The copy should begin at the line containing "Two aerial photos of one place in France, from 2016" and end at the last line of the material. Please reproduce those lines exactly and keep pictures out.

___ Supplied records

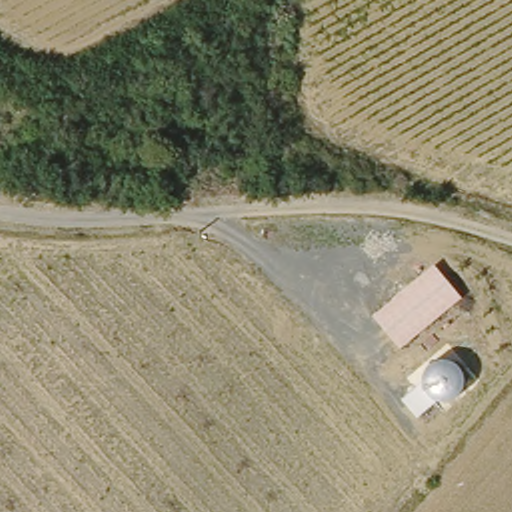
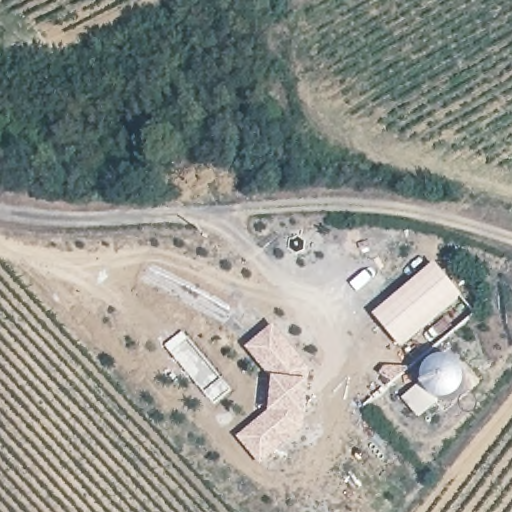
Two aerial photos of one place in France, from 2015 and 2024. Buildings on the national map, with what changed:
unchanged [(401,348),(372,315),(435,263),(462,297),(401,348)]
new [(270,407),(272,376),(264,371),(242,345),(271,321),(309,370),(311,372),(309,393),(306,419),(302,429),(291,440),(259,463),(235,435),(270,407)]
unchanged [(401,400),(424,380),(424,377),(425,371),(429,365),(434,360),(442,357),(449,357),(455,359),(459,362),(462,367),(464,371),(465,380),(464,386),(462,391),(457,396),(453,399),(445,401),(439,400),(417,418),(401,400)]

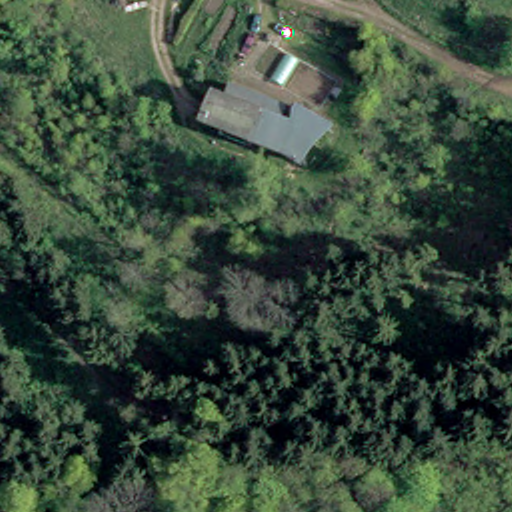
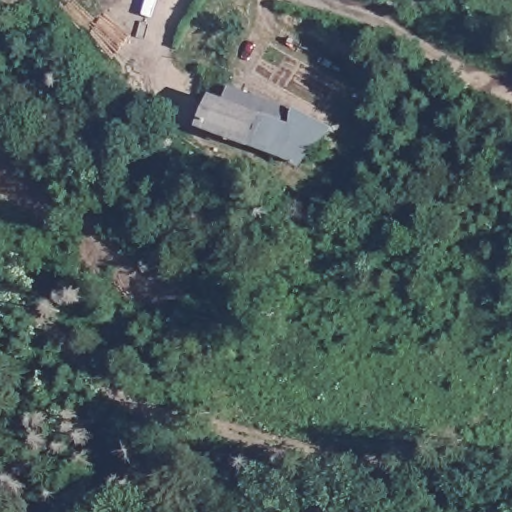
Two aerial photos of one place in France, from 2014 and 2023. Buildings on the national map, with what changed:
unchanged [(203,125),(214,90),(222,95),(228,81),(262,92),(256,107),(290,118),(297,102),(336,125),(299,165),(203,125)]

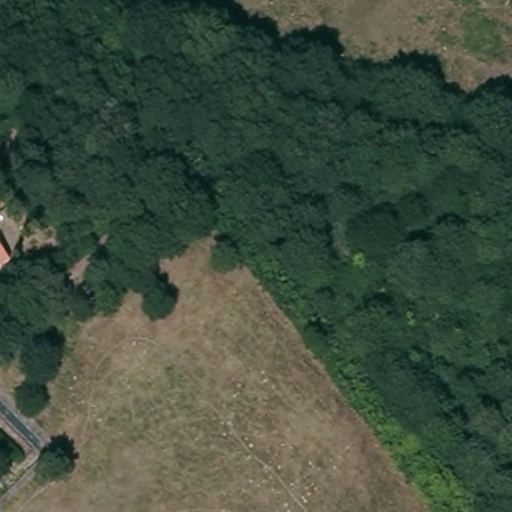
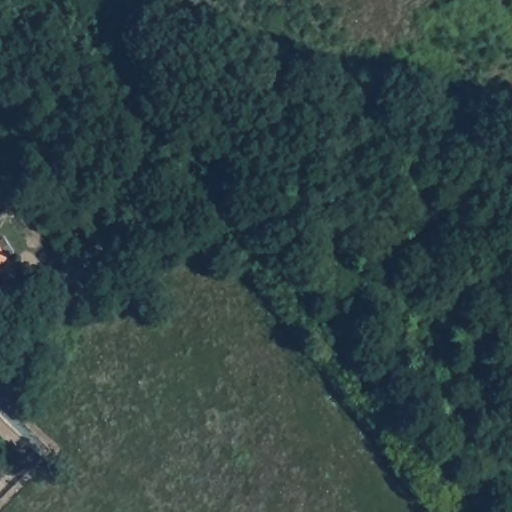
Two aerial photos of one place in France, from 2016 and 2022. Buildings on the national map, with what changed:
unchanged [(0,260),(0,248),(6,256),(0,260)]

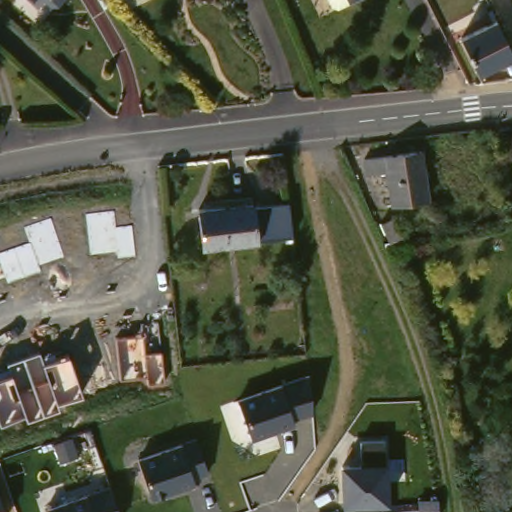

______

→ Written solution
Two aerial photos of one place in France, from 2016 and 2022. Buildings on the national map, with what changed:
unchanged [(0,260),(0,248),(6,256),(0,260)]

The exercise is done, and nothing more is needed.